## What to work on
Across these entries, work out how many lines carry the string "class", and give only that number.

## Data in this exercise
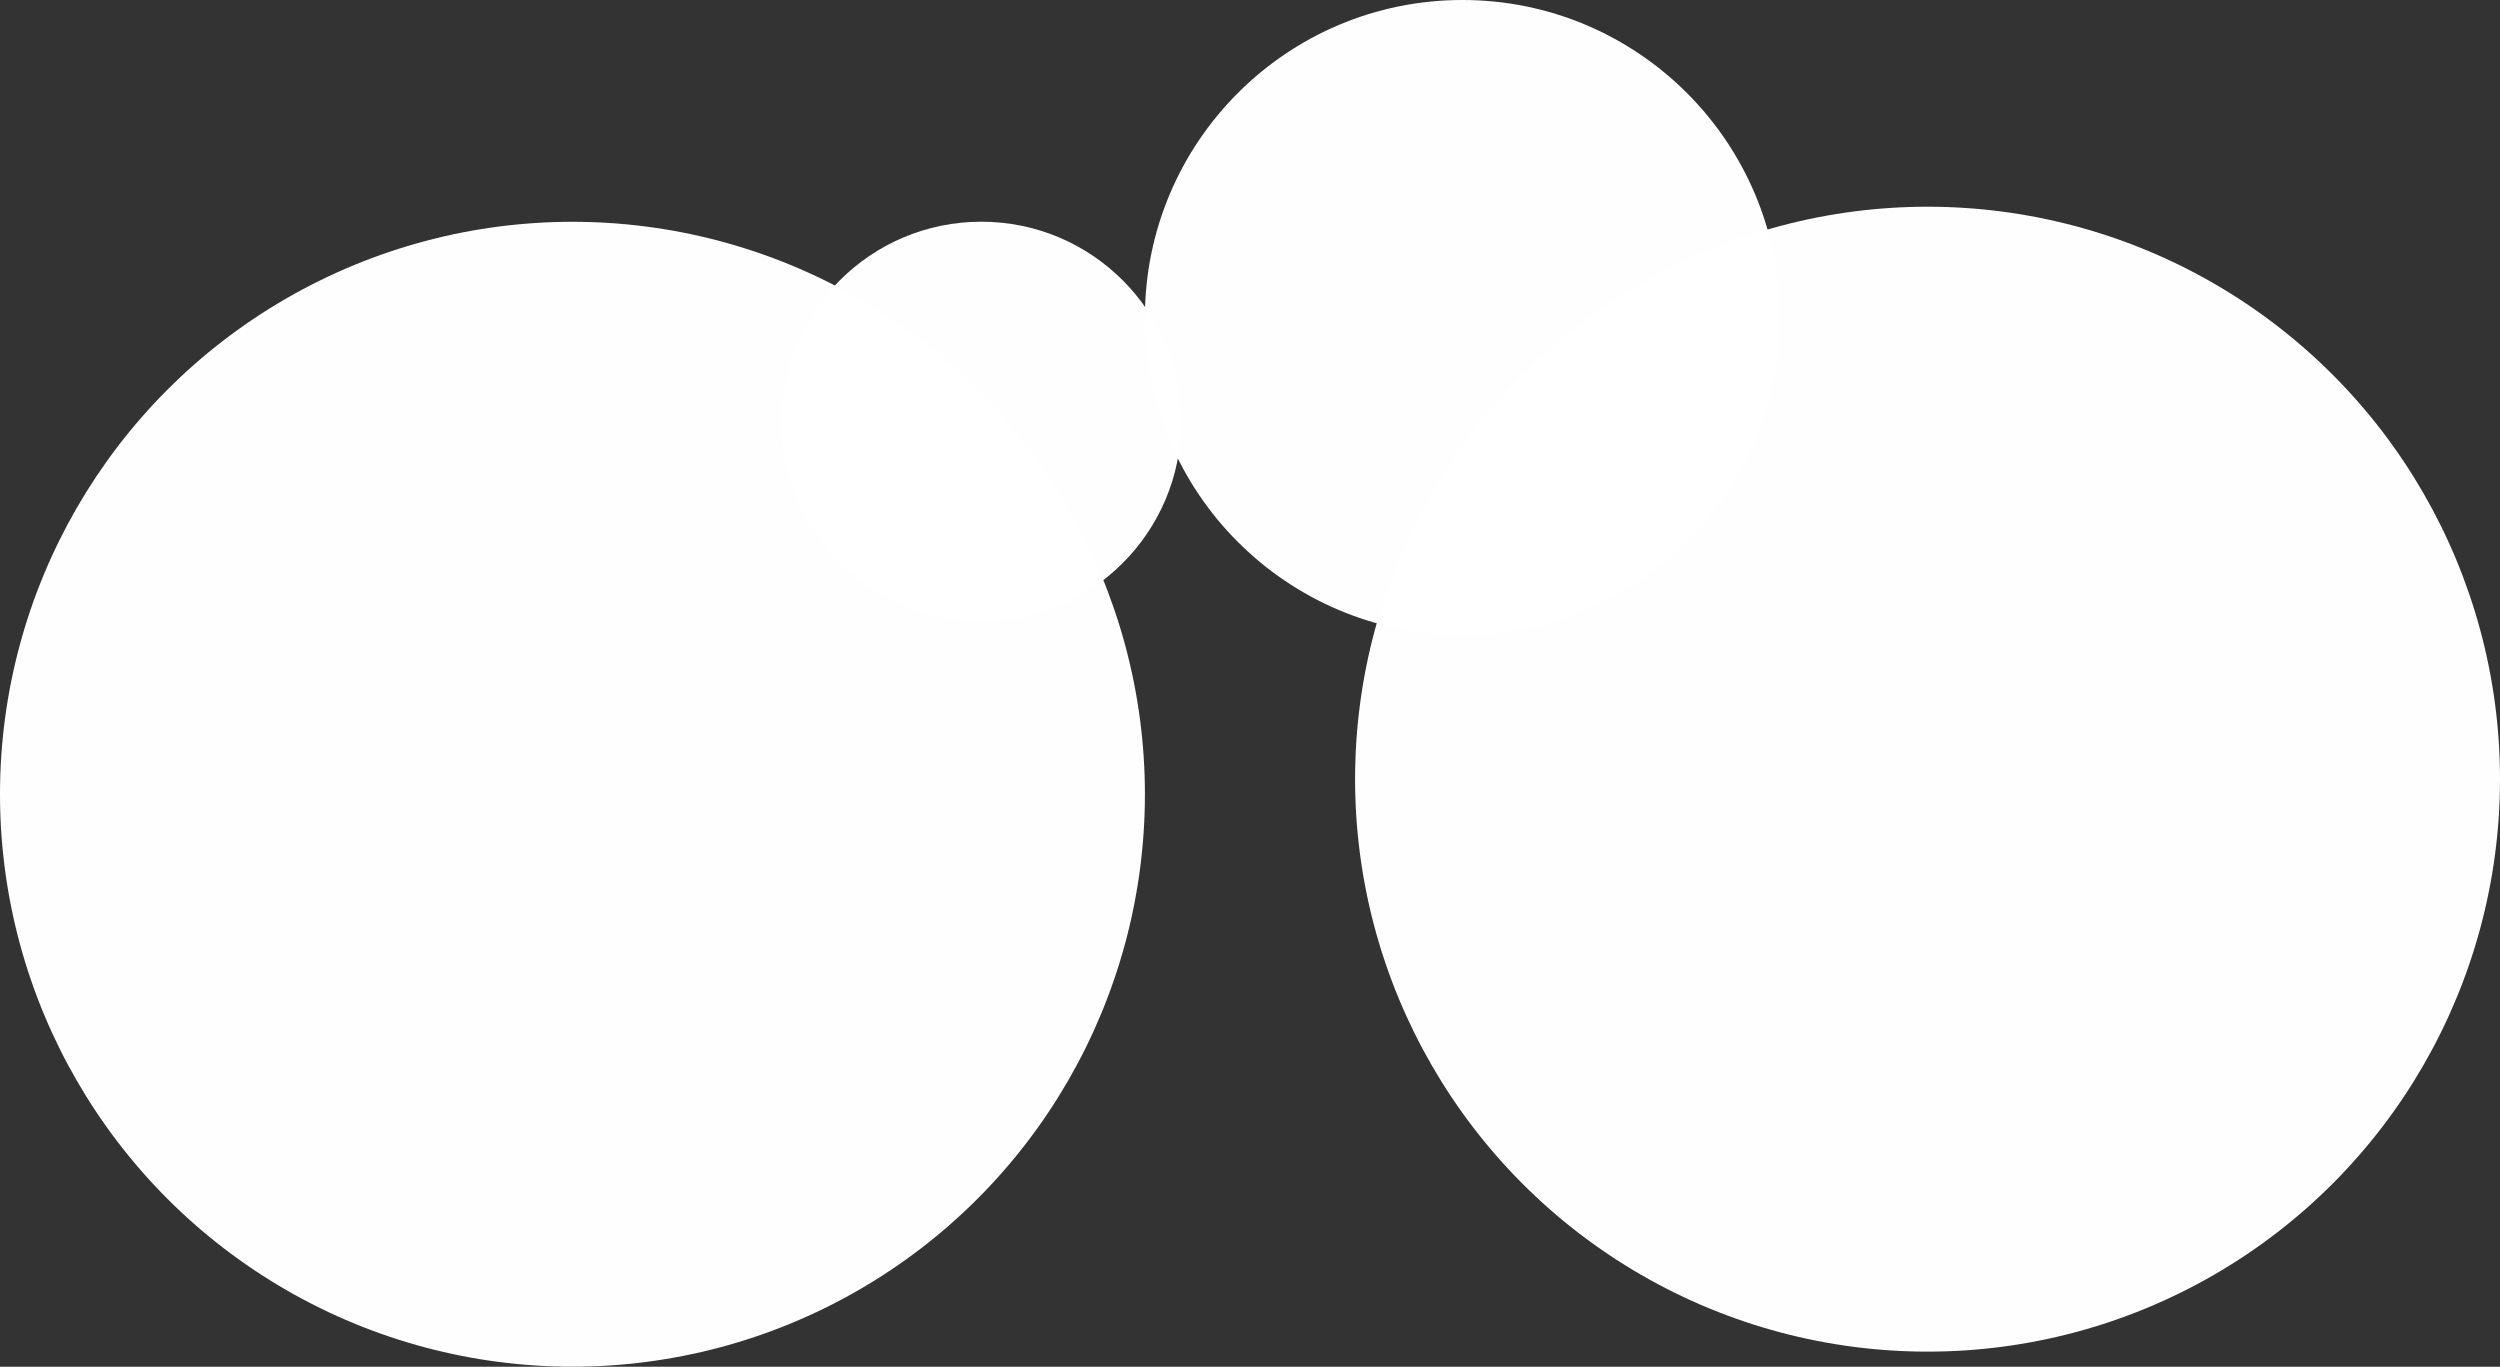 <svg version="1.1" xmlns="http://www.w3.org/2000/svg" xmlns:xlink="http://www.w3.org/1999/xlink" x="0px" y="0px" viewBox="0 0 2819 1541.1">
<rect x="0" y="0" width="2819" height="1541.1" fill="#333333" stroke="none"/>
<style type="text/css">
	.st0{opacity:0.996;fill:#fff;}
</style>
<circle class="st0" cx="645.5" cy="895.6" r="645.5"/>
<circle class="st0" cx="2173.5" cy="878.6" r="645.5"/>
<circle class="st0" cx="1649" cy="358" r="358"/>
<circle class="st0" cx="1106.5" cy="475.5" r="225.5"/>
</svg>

...

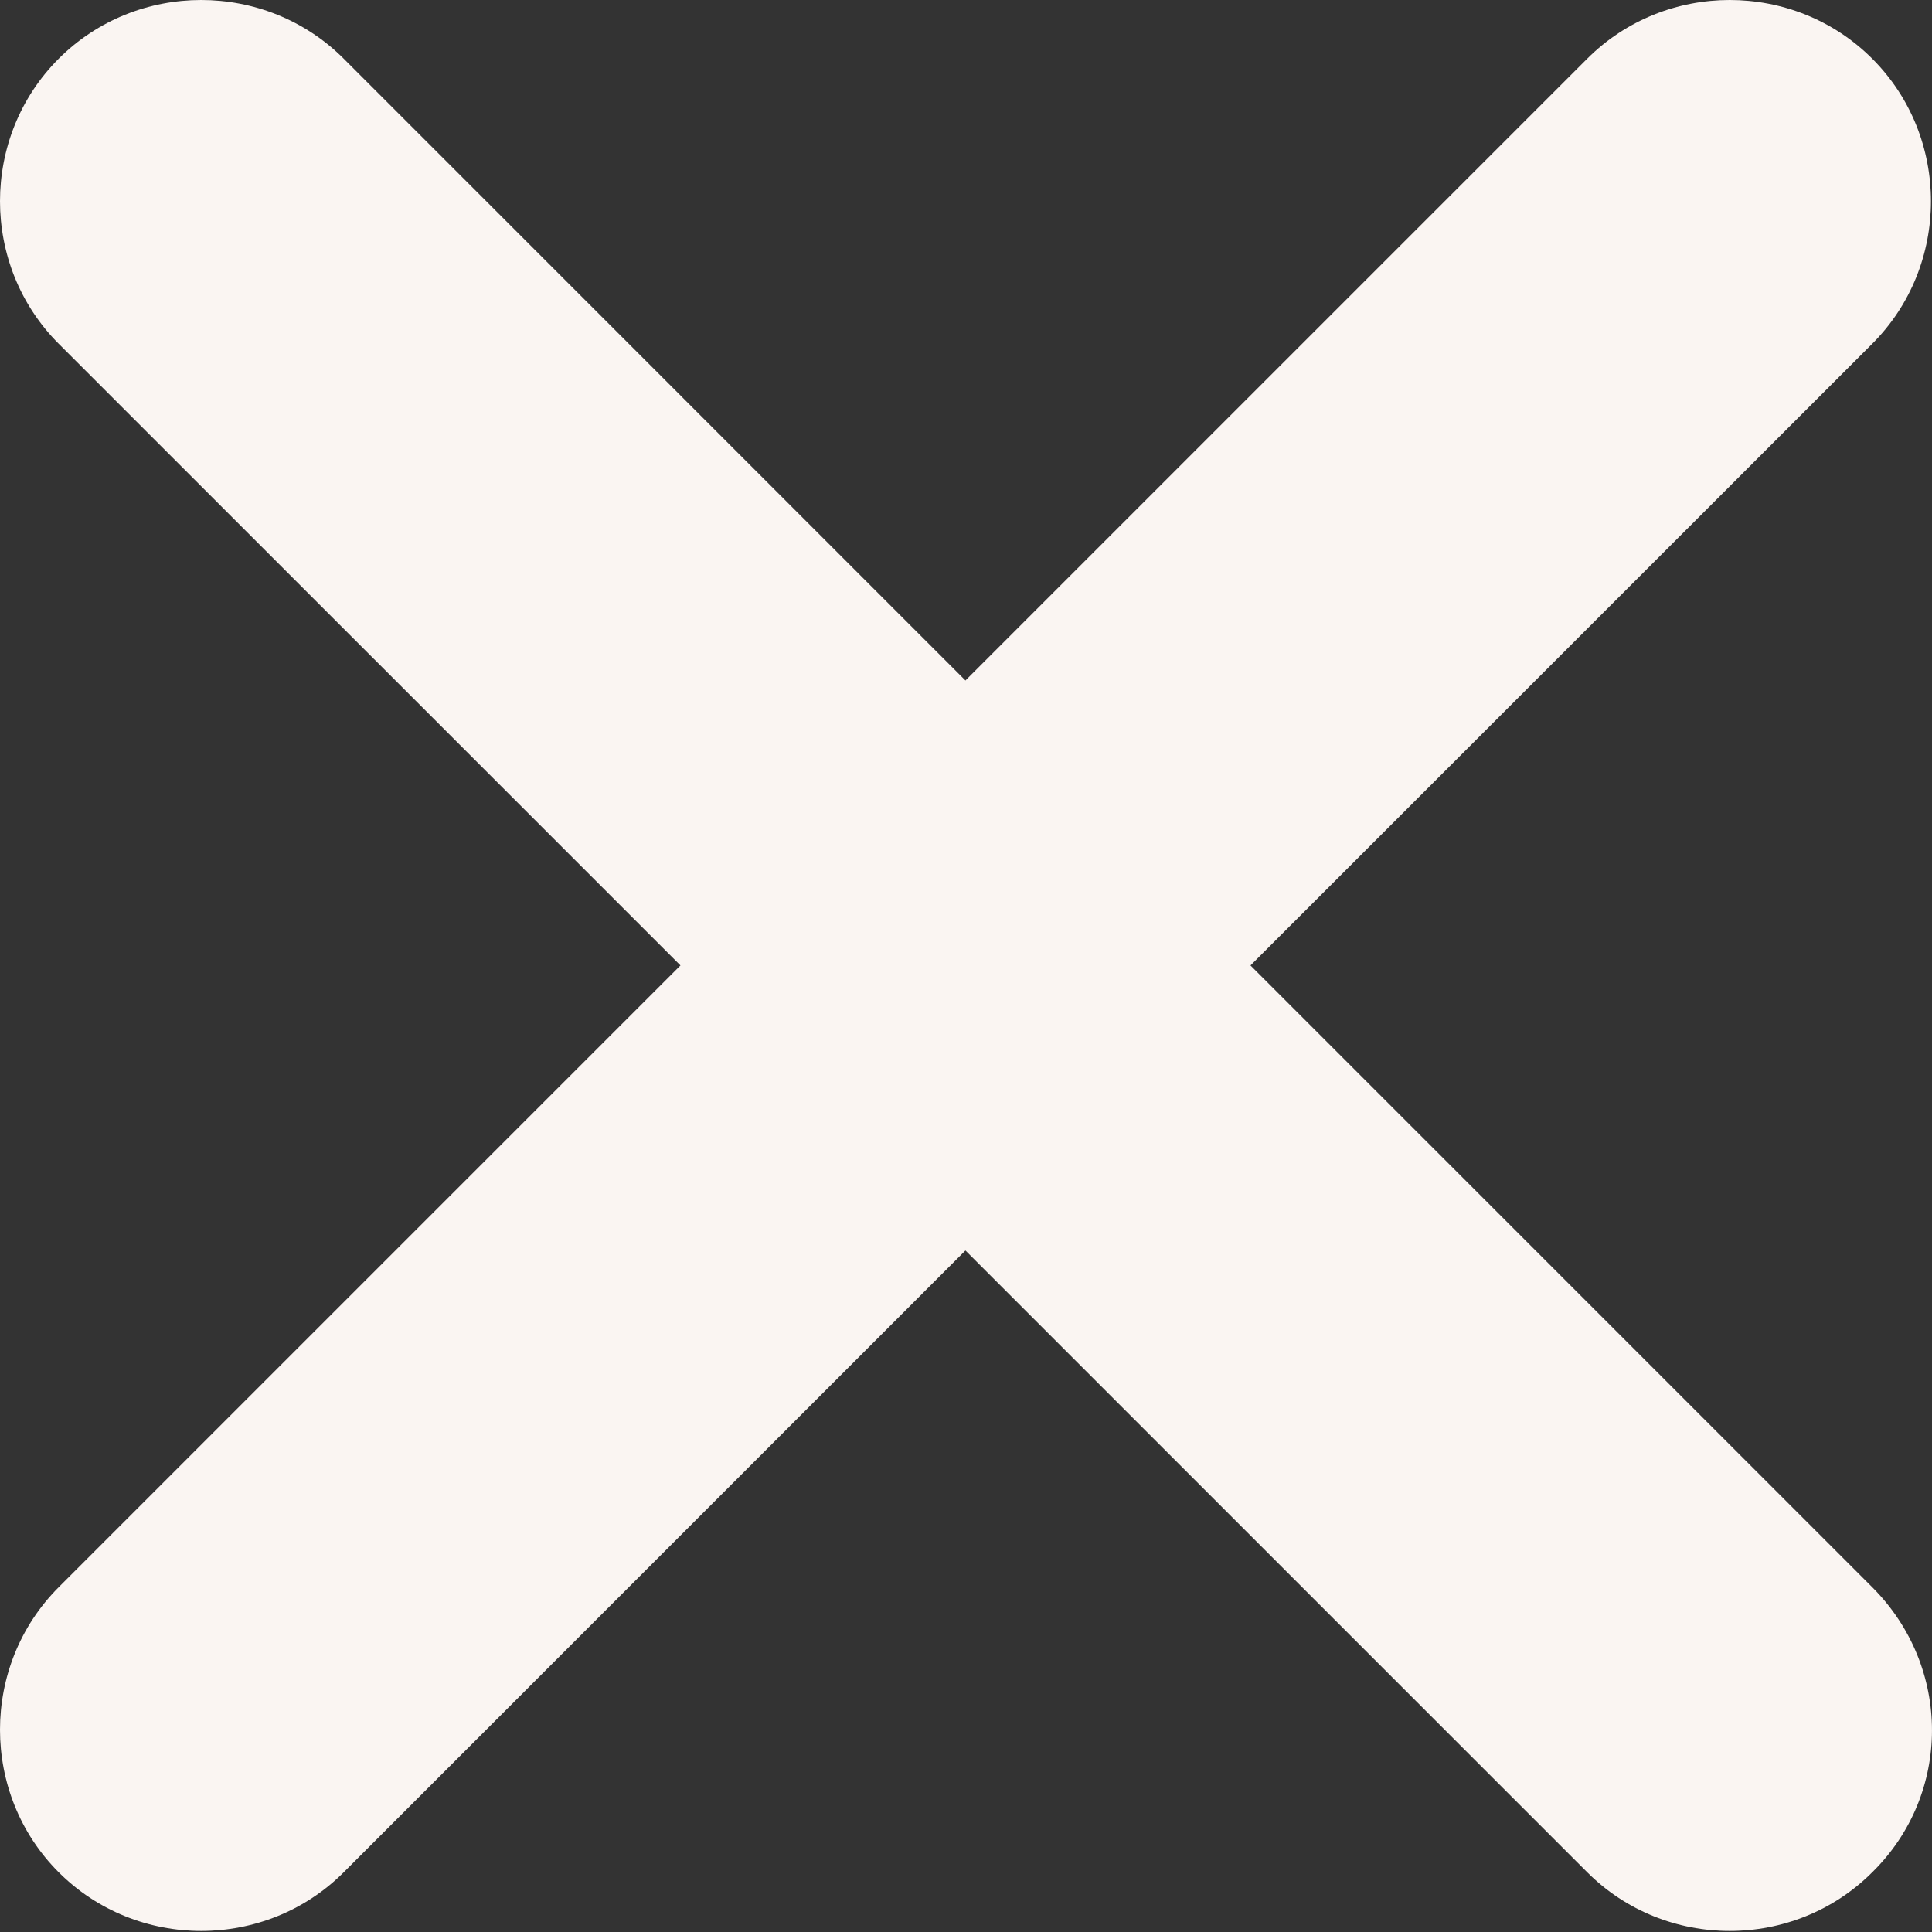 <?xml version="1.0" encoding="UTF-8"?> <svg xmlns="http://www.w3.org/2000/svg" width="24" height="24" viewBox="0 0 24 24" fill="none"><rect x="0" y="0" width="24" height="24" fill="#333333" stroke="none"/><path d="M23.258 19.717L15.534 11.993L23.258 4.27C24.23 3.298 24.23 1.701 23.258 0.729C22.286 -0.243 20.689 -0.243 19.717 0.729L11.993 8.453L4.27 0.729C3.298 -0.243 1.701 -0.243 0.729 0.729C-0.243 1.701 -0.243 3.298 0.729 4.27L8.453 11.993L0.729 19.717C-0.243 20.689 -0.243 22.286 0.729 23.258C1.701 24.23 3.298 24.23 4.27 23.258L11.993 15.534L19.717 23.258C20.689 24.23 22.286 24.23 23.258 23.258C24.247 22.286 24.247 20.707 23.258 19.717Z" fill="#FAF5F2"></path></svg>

## Response below
4